Aunque de natural ecuánime y sosegado, don Juan cede en ocasiones a arranques súbitos —prontos, los llama un amigo— que no dejan de producirme asombro. Pensaba yo que seguiría tranquilamente en Navaltizón entregado a la vida monástica, invisible hasta que en unos días comience la vendimia, cuando el jueves último me llama a media tarde para decirme que está en Almagro, que ha venido a oír el pregón de la feria, que si voy con él.
—Los pregones son un aburrimiento, don Juan: siempre la misma retahíla de anécdotas pretendidamente graciosas y el mismo cuento de lo felices que éramos cuando éramos niños felices.
—Con demasiada frecuencia, sí, los pregones se encargan a paisanos que han alcanzado alguna relevancia en cualquier ámbito de la vida —sea en el ajedrez o en la navegación aérea—, pero cuyo trato con la literatura es lamentablemente escaso: grave imprudencia de quienes organizan estas cosas. Por suerte, hay excepciones.
—Pocas. Los pregoneros leídos tampoco se apartan de la vereda: ¿quiere que le resuma el de esta noche?, ¿el del año que viene?, ¿el de 2100, si para entonces queda alguien por aquí?

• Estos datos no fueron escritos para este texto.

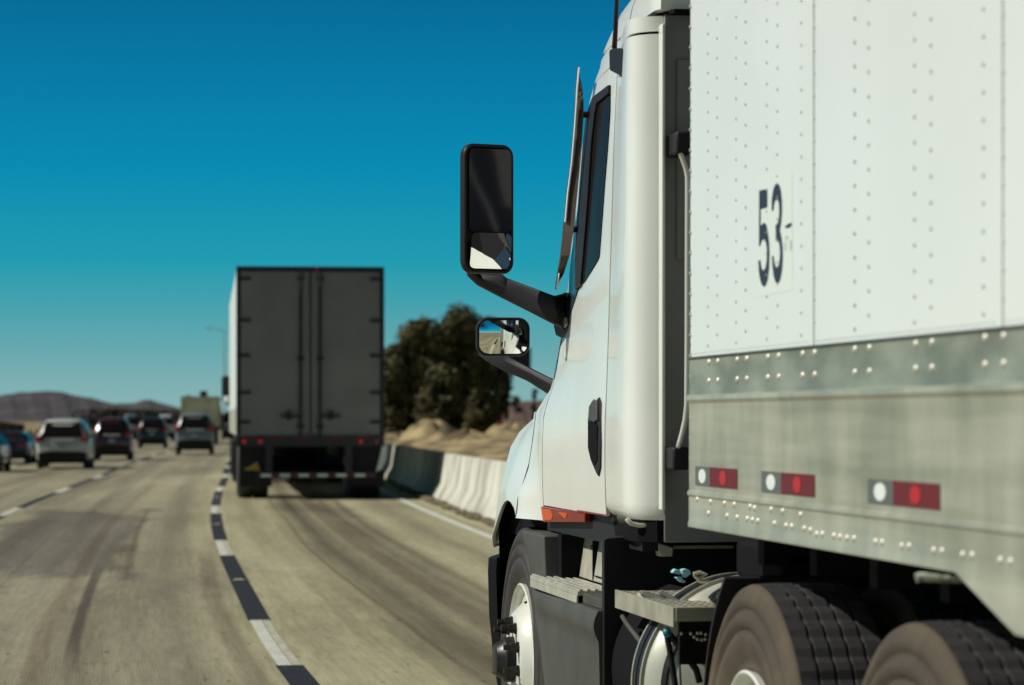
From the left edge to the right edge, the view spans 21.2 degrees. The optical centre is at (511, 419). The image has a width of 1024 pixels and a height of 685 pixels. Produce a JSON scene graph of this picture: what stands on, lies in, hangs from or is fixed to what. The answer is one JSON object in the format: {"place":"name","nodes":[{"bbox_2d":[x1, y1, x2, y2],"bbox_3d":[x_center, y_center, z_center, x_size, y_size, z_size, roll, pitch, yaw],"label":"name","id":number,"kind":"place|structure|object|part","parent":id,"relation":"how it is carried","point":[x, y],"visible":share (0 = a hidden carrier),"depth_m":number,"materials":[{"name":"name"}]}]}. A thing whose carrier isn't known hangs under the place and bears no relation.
{"place":"outdoors","nodes":[
{"label":"outdoors","id":0,"kind":"place"},
{"bbox_2d":[9,422,88,432],"bbox_3d":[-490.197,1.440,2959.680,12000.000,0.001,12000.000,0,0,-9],"label":"ground","id":1,"kind":"structure","parent":0,"point":[34,426],"depth_m":634.28,"materials":[{"name":"brown soil"}]},
{"bbox_2d":[0,422,24,431],"bbox_3d":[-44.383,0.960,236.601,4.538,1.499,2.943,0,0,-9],"label":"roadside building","id":2,"kind":"structure","parent":1,"relation":"on","point":[6,426],"depth_m":235.48,"materials":[{"name":"grey"}]},
{"bbox_2d":[11,428,92,442],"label":"dry grass","id":3,"kind":"structure","parent":1,"relation":"on","point":[32,434],"depth_m":156.54,"materials":[{"name":"brown plant"}]},
{"bbox_2d":[72,407,222,429],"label":"roadside scrub","id":4,"kind":"object","parent":1,"relation":"on","point":[116,412],"visible":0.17,"depth_m":257.35,"materials":[{"name":"plant"}]},
{"bbox_2d":[0,391,180,421],"bbox_3d":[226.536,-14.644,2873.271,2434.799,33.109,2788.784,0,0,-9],"label":"hills","id":5,"kind":"structure","parent":0,"point":[40,406],"depth_m":2318.23,"materials":[{"name":"grey stone"}]},
{"bbox_2d":[0,430,498,684],"bbox_3d":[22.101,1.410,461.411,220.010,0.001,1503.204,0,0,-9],"label":"road","id":6,"kind":"structure","parent":0,"point":[119,577],"depth_m":23.89,"materials":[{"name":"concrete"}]},
{"bbox_2d":[0,435,11,471],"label":"car","id":7,"kind":"object","parent":6,"relation":"on","point":[5,456],"visible":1,"depth_m":74.45,"materials":[{"name":"white metal"}]},
{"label":"side window","id":8,"kind":"part","parent":7,"relation":"part of","materials":[{"name":"blue glass"}]},
{"bbox_2d":[0,431,36,462],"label":"car","id":9,"kind":"object","parent":6,"relation":"on","point":[22,444],"visible":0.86,"depth_m":87.35,"materials":[{"name":"blue metal"}]},
{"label":"rear window","id":10,"kind":"part","parent":9,"relation":"part of","materials":[{"name":"black glass"}]},
{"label":"side window","id":11,"kind":"part","parent":9,"relation":"part of","materials":[{"name":"blue glass"}]},
{"bbox_2d":[35,417,96,468],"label":"car","id":12,"kind":"object","parent":6,"relation":"on","point":[64,440],"visible":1,"depth_m":77.19,"materials":[{"name":"silver metal"}]},
{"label":"rear window","id":13,"kind":"part","parent":12,"relation":"part of","materials":[{"name":"black glass"}]},
{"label":"side window","id":14,"kind":"part","parent":12,"relation":"part of","materials":[{"name":"blue glass"}]},
{"bbox_2d":[0,451,168,515],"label":"white lane dashes","id":15,"kind":"object","parent":6,"relation":"on","point":[7,512],"visible":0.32,"depth_m":53.18,"materials":[{"name":"white paint"}]},
{"bbox_2d":[0,438,226,518],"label":"black lane dashes","id":16,"kind":"object","parent":6,"relation":"on","point":[29,503],"visible":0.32,"depth_m":56.30,"materials":[{"name":"paint"}]},
{"bbox_2d":[93,416,135,459],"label":"car","id":17,"kind":"object","parent":6,"relation":"on","point":[114,436],"visible":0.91,"depth_m":93.09,"materials":[{"name":"black metal"}]},
{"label":"rear window","id":18,"kind":"part","parent":17,"relation":"part of","materials":[{"name":"black glass"}]},
{"bbox_2d":[124,413,139,441],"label":"car","id":19,"kind":"object","parent":6,"relation":"on","point":[133,420],"visible":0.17,"depth_m":164.18,"materials":[{"name":"grey metal"}]},
{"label":"rear window","id":20,"kind":"part","parent":19,"relation":"part of","materials":[{"name":"black glass"}]},
{"bbox_2d":[137,416,169,447],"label":"car","id":21,"kind":"object","parent":6,"relation":"on","point":[152,430],"visible":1,"depth_m":132.76,"materials":[{"name":"grey metal"}]},
{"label":"rear window","id":22,"kind":"part","parent":21,"relation":"part of","materials":[{"name":"black glass"}]},
{"bbox_2d":[160,415,175,440],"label":"car","id":23,"kind":"object","parent":6,"relation":"on","point":[170,421],"visible":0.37,"depth_m":177.04,"materials":[{"name":"grey metal"}]},
{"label":"rear window","id":24,"kind":"part","parent":23,"relation":"part of","materials":[{"name":"black glass"}]},
{"bbox_2d":[174,411,216,454],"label":"car","id":25,"kind":"object","parent":6,"relation":"on","point":[194,430],"visible":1,"depth_m":107.48,"materials":[{"name":"silver metal"}]},
{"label":"rear window","id":26,"kind":"part","parent":25,"relation":"part of","materials":[{"name":"black glass"}]},
{"bbox_2d":[181,391,220,443],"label":"dump truck","id":27,"kind":"object","parent":6,"relation":"on","point":[203,402],"visible":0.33,"depth_m":152.17,"materials":[{"name":"beige paint"}]},
{"bbox_2d":[205,328,224,411],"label":"street lamp","id":28,"kind":"object","parent":6,"relation":"on","point":[224,360],"visible":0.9,"depth_m":259.94,"materials":[{"name":"metal"}]},
{"bbox_2d":[221,412,229,441],"bbox_3d":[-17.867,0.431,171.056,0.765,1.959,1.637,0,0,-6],"label":"car","id":29,"kind":"object","parent":6,"relation":"on","point":[225,432],"visible":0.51,"depth_m":170.27,"materials":[{"name":"grey metal"}]},
{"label":"rear window","id":30,"kind":"part","parent":29,"relation":"part of","materials":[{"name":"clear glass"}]},
{"bbox_2d":[211,460,291,664],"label":"white lane dashes","id":31,"kind":"object","parent":6,"relation":"on","point":[277,654],"visible":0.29,"depth_m":17.68,"materials":[{"name":"white paint"}]},
{"bbox_2d":[210,459,319,684],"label":"black lane dashes","id":32,"kind":"object","parent":6,"relation":"on","point":[251,605],"visible":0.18,"depth_m":22.30,"materials":[{"name":"black paint"}]},
{"bbox_2d":[233,578,244,580],"bbox_3d":[-2.382,1.397,23.831,0.100,0.015,0.100,0,0,-9],"label":"pavement marker","id":33,"kind":"object","parent":32,"relation":"on","point":[238,579],"visible":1,"depth_m":23.80,"materials":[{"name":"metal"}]},
{"bbox_2d":[222,376,343,480],"bbox_3d":[-5.474,-0.540,65.361,2.920,3.900,8.150,0,0,-6],"label":"semi tractor","id":34,"kind":"object","parent":6,"relation":"on","point":[300,455],"visible":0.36,"depth_m":64.83,"materials":[{"name":"white"}]},
{"bbox_2d":[229,266,387,497],"bbox_3d":[-4.393,-0.640,56.020,2.680,4.100,16.156,0,0,-6],"label":"semi trailer","id":35,"kind":"object","parent":6,"relation":"on","point":[306,356],"visible":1,"depth_m":48.06,"materials":[{"name":"white"}]},
{"bbox_3d":[-4.160,-1.143,47.970,1.218,2.905,0.104,0,0,-6],"label":"rear door","id":36,"kind":"part","parent":35,"relation":"part of","materials":[{"name":"grey metal"}]},
{"bbox_3d":[-2.925,-1.143,48.108,1.218,2.905,0.104,0,0,-6],"label":"rear door","id":37,"kind":"part","parent":35,"relation":"part of","materials":[{"name":"grey metal"}]},
{"bbox_2d":[384,443,398,478],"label":"concrete barrier","id":38,"kind":"object","parent":6,"relation":"on","point":[389,457],"visible":0.33,"depth_m":65.53,"materials":[{"name":"grey concrete"}]},
{"bbox_2d":[386,445,410,483],"bbox_3d":[-2.402,1.005,61.303,0.562,0.810,5.883,0,0,-5],"label":"concrete barrier","id":39,"kind":"object","parent":6,"relation":"on","point":[397,471],"visible":0.59,"depth_m":61.02,"materials":[{"name":"grey concrete"}]},
{"bbox_2d":[400,447,433,490],"bbox_3d":[-1.828,1.005,55.278,0.562,0.810,5.862,0,0,-5],"label":"concrete barrier","id":40,"kind":"object","parent":6,"relation":"on","point":[413,477],"visible":0.56,"depth_m":54.86,"materials":[{"name":"grey concrete"}]},
{"bbox_2d":[380,487,491,538],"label":"edge line","id":41,"kind":"object","parent":6,"relation":"on","point":[479,532],"visible":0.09,"depth_m":39.91,"materials":[{"name":"white paint"}]},
{"bbox_2d":[417,451,458,499],"bbox_3d":[-1.237,1.005,49.273,0.564,0.810,5.849,0,0,-6],"label":"concrete barrier","id":42,"kind":"object","parent":6,"relation":"on","point":[435,482],"visible":0.53,"depth_m":48.82,"materials":[{"name":"grey concrete"}]},
{"bbox_2d":[385,480,494,526],"bbox_3d":[-0.856,1.381,42.256,0.424,0.144,35.924,0,0,-6],"label":"roadside debris","id":43,"kind":"object","parent":6,"relation":"on","point":[470,515],"visible":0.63,"depth_m":43.99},
{"bbox_2d":[441,455,493,511],"bbox_3d":[-0.612,1.005,43.282,0.564,0.810,5.844,0,0,-6],"label":"concrete barrier","id":44,"kind":"object","parent":6,"relation":"on","point":[465,489],"visible":0.58,"depth_m":42.78,"materials":[{"name":"white concrete"}]},
{"bbox_2d":[474,460,506,519],"bbox_3d":[0.053,1.005,37.297,0.564,0.810,5.843,0,0,-7],"label":"concrete barrier","id":45,"kind":"object","parent":6,"relation":"on","point":[486,506],"visible":0.21,"depth_m":38.96,"materials":[{"name":"white concrete"}]},
{"bbox_2d":[460,0,1023,684],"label":"semi tractor","id":46,"kind":"object","parent":6,"relation":"on","point":[606,566],"visible":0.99,"depth_m":8.50,"materials":[{"name":"white metal"}]},
{"bbox_3d":[0.248,-0.426,9.542,0.106,1.488,1.183,0,0,-9],"label":"door","id":47,"kind":"part","parent":46,"relation":"part of","materials":[{"name":"white paint"}]},
{"bbox_2d":[687,0,1023,636],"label":"semi trailer","id":48,"kind":"object","parent":46,"relation":"on","point":[855,397],"visible":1,"depth_m":5.76,"materials":[{"name":"grey metal"}]},
{"bbox_2d":[0,0,630,411],"label":"sky","id":49,"kind":"structure","parent":0,"point":[151,151],"materials":[{"name":"blue"}]},
{"bbox_2d":[411,433,517,460],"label":"dirt verge","id":50,"kind":"structure","parent":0,"point":[495,447],"depth_m":90.27,"materials":[{"name":"beige soil"}]},
{"bbox_2d":[384,431,404,442],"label":"dirt mound","id":51,"kind":"object","parent":50,"relation":"on","point":[389,437],"visible":0.34,"depth_m":120.92,"materials":[{"name":"beige soil"}]},
{"bbox_2d":[384,341,420,434],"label":"tree","id":52,"kind":"object","parent":50,"relation":"on","point":[401,365],"visible":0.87,"depth_m":139.40,"materials":[{"name":"green plant"}]},
{"bbox_2d":[384,314,458,425],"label":"tree","id":53,"kind":"object","parent":50,"relation":"on","point":[421,336],"visible":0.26,"depth_m":149.38,"materials":[{"name":"green plant"}]},
{"bbox_2d":[390,419,457,445],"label":"dirt mound","id":54,"kind":"object","parent":50,"relation":"on","point":[424,431],"visible":0.69,"depth_m":116.48,"materials":[{"name":"beige soil"}]},
{"bbox_2d":[411,362,469,430],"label":"tree","id":55,"kind":"object","parent":50,"relation":"on","point":[441,396],"visible":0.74,"depth_m":134.37,"materials":[{"name":"green plant"}]},
{"bbox_2d":[427,429,491,444],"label":"dirt mound","id":56,"kind":"object","parent":50,"relation":"on","point":[463,436],"visible":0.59,"depth_m":107.07,"materials":[{"name":"beige soil"}]},
{"bbox_2d":[432,302,501,429],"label":"tree","id":57,"kind":"object","parent":50,"relation":"on","point":[460,324],"visible":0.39,"depth_m":151.29,"materials":[{"name":"green plant"}]},
{"bbox_2d":[461,385,493,432],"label":"tree","id":58,"kind":"object","parent":50,"relation":"on","point":[480,406],"visible":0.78,"depth_m":127.60,"materials":[{"name":"green plant"}]},
{"bbox_2d":[477,315,514,425],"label":"tree","id":59,"kind":"object","parent":50,"relation":"on","point":[503,387],"visible":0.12,"depth_m":159.44,"materials":[{"name":"green plant"}]},
{"bbox_2d":[495,415,502,424],"bbox_3d":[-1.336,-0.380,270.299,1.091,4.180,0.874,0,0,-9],"label":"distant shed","id":60,"kind":"structure","parent":50,"relation":"on","point":[499,421],"depth_m":270.07,"materials":[{"name":"brown"}]},
{"bbox_2d":[486,419,527,434],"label":"dirt mound","id":61,"kind":"object","parent":50,"relation":"on","point":[511,427],"visible":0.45,"depth_m":123.67,"materials":[{"name":"beige soil"}]},
{"bbox_2d":[511,396,522,412],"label":"tree","id":62,"kind":"object","parent":50,"relation":"on","point":[516,401],"visible":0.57,"depth_m":309.90,"materials":[{"name":"green plant"}]},
{"bbox_2d":[529,388,538,418],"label":"tree","id":63,"kind":"object","parent":50,"relation":"on","point":[534,397],"visible":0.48,"depth_m":299.92,"materials":[{"name":"green plant"}]},
{"bbox_2d":[503,400,542,423],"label":"embankment","id":64,"kind":"structure","parent":0,"point":[525,414],"depth_m":310.31,"materials":[{"name":"brown soil"}]},
{"bbox_2d":[504,348,530,418],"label":"billboard","id":65,"kind":"object","parent":64,"relation":"on","point":[524,359],"visible":0.35,"depth_m":300.23,"materials":[{"name":"black metal"}]}
]}

—No es preciso. La pieza literaria que llamamos pregón responde a una serie de convenciones que la hacen previsible: agradecimiento, inmerecido honor, alabanza de la reina y damas, evocación de san Bartolomé, unos granitos de historia, una pizca de tradiciones familiares, espolvoreo de nostalgia, invitación al jolgorio… Cierto: ¿y qué? Más rígido todavía es el esquema del soneto o el de las novelas policiales, y en unos y en otras hay piezas exquisitas y otras deleznables: depende de la pericia del autor. Estoy convencido de que el pregón de este año será exquisito.
—¿Cómo lo sabe?
—Conozco al pregonero.
—¿A Dioni Roldán? ¡Si no lo ha visto nunca!

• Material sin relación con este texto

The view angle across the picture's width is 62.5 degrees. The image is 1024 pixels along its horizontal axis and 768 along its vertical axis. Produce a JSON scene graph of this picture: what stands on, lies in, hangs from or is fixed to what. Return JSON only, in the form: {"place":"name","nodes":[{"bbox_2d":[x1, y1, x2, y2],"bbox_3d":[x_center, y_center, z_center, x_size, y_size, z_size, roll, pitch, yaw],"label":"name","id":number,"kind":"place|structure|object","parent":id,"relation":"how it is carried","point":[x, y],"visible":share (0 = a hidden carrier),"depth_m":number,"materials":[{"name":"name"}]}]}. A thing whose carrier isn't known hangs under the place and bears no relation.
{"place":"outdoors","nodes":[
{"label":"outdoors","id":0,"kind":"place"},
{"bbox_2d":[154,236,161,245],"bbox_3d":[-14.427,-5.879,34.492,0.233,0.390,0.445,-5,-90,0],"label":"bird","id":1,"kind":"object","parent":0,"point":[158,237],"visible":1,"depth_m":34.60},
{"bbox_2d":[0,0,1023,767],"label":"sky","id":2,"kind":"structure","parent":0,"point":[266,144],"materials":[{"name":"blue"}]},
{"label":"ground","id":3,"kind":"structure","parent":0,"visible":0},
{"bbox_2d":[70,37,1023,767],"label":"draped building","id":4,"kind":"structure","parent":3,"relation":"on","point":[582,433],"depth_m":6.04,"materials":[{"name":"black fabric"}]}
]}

—Dionisio Roldán es amigo del Facebook.
—¡Cuánta familiaridad!
—Suficiente. Por el Facebook sé que es hombre de buen humor, sociable, abierto, generoso, acogedor, sencillo, educado, instruido, nada ácido, amante de los placeres de la vida… Y en Facebook he visto sus progresos como poeta: empezó siendo un coplero más o menos ocurrente con notables carencias técnicas, y ha ido aficionándose, aprendiendo, leyendo… En un territorio donde tantos creen saberlo todo por ciencia infusa, Roldán es humilde: conoce sus limitaciones y está empeñado en reducirlas.
—Ha publicado un libro.
—Que me ha gustado. Al pregón acudo principalmente por él.
—¿Por el libro? ¿Debo leerlo?
—Léalo: no perderá el tiempo. El libro es un romancero de temas locales que van desde la historia remota a los ecos de sociedad recientes, pasando por algunos de los asuntos esenciales de la identidad almagreña, sea eso lo que fuere. Los romances son técnicamente correctos; el lenguaje es rico, vigoroso, agudo, con relámpagos de original invención y huellas bien seguidas —es decir, no de manera servil— de romancistas acreditados. Se le notan lecturas y aplicación; y se le ven cualidades naturales, una voz personal fácilmente distinguible y talento. Es mucho a estas alturas, pero confío en que llegue a ser más.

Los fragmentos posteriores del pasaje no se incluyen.